The nitrogen-vacancy colour centre in diamond

Abstract: The nitrogen-vacancy (NV) colour centre in diamond is an important physical system for emergent quantum technologies, including quantum metrology, information processing and communications, as well as for various nanotechnologies, such as biological and sub-diffraction limit imaging, and for tests of entanglement in quantum mechanics. Given this array of existing and potential applications and the almost 50 years of NV research, one would expect that the physics of the centre is well understood, however, the study of the NV centre has proved challenging, with many early assertions now believed false and many remaining issues yet to be resolved. This review represents the first time that the key empirical and ab initio results have been extracted from the extensive NV literature and assembled into one consistent picture of the current understanding of the centre. As a result, the key unresolved issues concerning the NV centre are identified and the possible avenues for their resolution are examined.

• The paper clarifies the NV center's electronic structure, highlighting its ground state triplet and hyperfine interactions.
• The paper demonstrates experimental breakthroughs such as room-temperature quantum registers, spin-photon entanglement, and nanoscale magnetometry.
• The paper identifies unresolved challenges like charge state control and photoconversion dynamics, setting a roadmap for future quantum research.

Overview of "The Nitrogen-Vacancy Colour Centre in Diamond"
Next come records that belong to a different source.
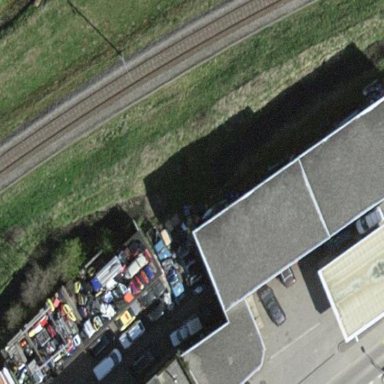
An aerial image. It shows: Residential building with car repair shop.
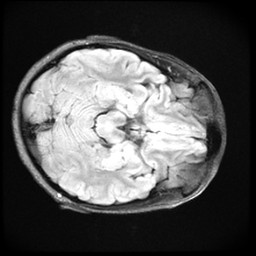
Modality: FLAIR
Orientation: axial
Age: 22
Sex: female
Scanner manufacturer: ge
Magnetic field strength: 3 T
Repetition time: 11 s
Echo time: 0.1497 s

This comprehensive review paper authored by Doherty et al. explores the complex physics of the nitrogen-vacancy (NV) color center in diamond, a system that is pivotal to the development of several quantum technologies. The NV center is extensively researched not only for its utility in quantum metrology, information processing, and communication but also in nanoscale imaging and entanglement tests in quantum mechanics. Despite nearly five decades of investigation, there remain significant unresolved issues surrounding the NV center's properties and interactions.
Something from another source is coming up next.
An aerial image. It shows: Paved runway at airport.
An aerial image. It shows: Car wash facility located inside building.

Key Findings and Contributions

The review meticulously assembles empirical and ab initio results into a coherent picture to detail current understanding and unknowns in NV center physics. The authors emphasize that the NV$^-$ center has already witnessed numerous critical experimental demonstrations, exemplifying its versatility. Among these are room-temperature quantum registers using electronic and nuclear spins, spin-photon entanglement, and nanoscale magnetometry. They recognize that while the NV$^-$ center has been extensively used in various experiments, the NV$^0$ remains underexplored.
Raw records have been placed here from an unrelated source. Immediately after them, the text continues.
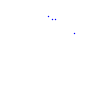
Particle: proton
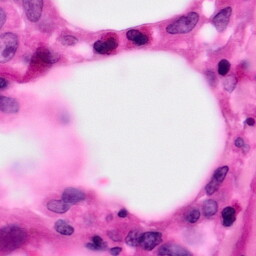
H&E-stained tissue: Pancreatic
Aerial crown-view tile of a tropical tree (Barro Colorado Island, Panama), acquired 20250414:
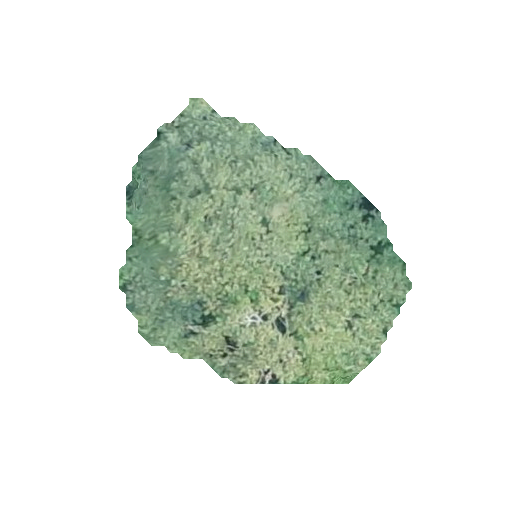
Species: Trattinnickia aspera
GBIF accepted scientific name: Trattinnickia aspera
Crown area: 86.176 m²
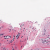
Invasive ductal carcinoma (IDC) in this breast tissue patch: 1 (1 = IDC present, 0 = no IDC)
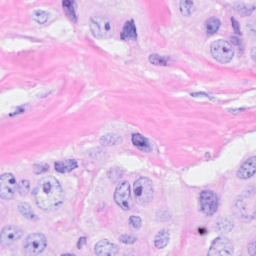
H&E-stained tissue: Breast
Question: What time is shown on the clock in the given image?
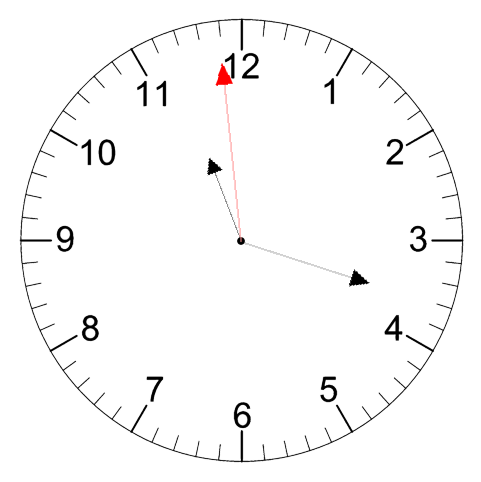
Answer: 11:17:59
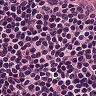
Metastatic tissue present: no
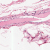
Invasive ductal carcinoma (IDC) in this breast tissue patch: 0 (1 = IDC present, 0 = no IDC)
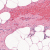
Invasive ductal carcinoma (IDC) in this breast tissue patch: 0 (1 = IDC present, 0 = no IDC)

Empirical and Theoretical Insights

A significant contribution of the paper is the clarification of the NV center's electronic structure. Notably, the NV$^-$ center's ground state is a triplet ($^3A_2$), and its fine structure is characterized by hyperfine interactions attributable to the nitrogen nucleus. The empirical data, supported by theoretical models, suggest these interactions arise mainly due to the effect of unpaired electron spin densities. The facile manipulation and readout of these states underscore the importance of NV centers in quantum applications.

In addressing the low temperature properties of the $^3E$ electronic state of the NV$^-$ center, the paper identifies the state’s fine structure resulting from spin-spin interactions and axial spin-orbit coupling. A significant breakthrough discussed is the low temperature spectroscopic resolution of NV$^-$ optical ZPL fine structure, a feat that was previously limited by inhomogeneously broadened ensemble measurements.

Another strong focus is the review of challenges in the NV system, such as its charge state control and the impact of varying electromagnetic interactions. The authors assert that the relative concentrations of NV$^-$ and NV$^0$ charge states are highly sensitive to microscopic donor distributions and subsequent photoconversion equilibria, necessitating further detailed research.

Future Directions

The paper identifies several outstanding challenges for future inquiry:

1. Photoconversion Mechanisms: Understanding charge state dynamics remains critical. The review suggests that resolving this will enhance the NV system’s utility in practical applications.
2. Temperature Dependence: The NV center’s properties, including its fine structure, show variation with temperature. Further empirical work is needed to thoroughly understand these dependencies and their implications for NV center utility under realistic operating conditions.
3. Jahn-Teller Effects: These play a subtle role in altering the NV center's interactions with various fields. Detailed models are needed to predict the influence of vibronic interactions on the NV center's electronic transitions.
4. Spin Dynamics: The comprehensive understanding of spin-polarization mechanisms is essential for advances in quantum information science. Future work should explore this through both theoretical models and experimental studies.

Conclusion

This review serves as an invaluable reference point, consolidating decades of research and clarifying current knowledge boundaries in NV center science. By identifying key unresolved issues, the authors provide a strategic roadmap that can guide both current and future researchers in the field. Such an understanding is crucial, not only for optimizing the NV center's capabilities in emerging quantum technologies but for laying the groundwork for the discovery and utilization of new defect systems with potentially superior functionalities.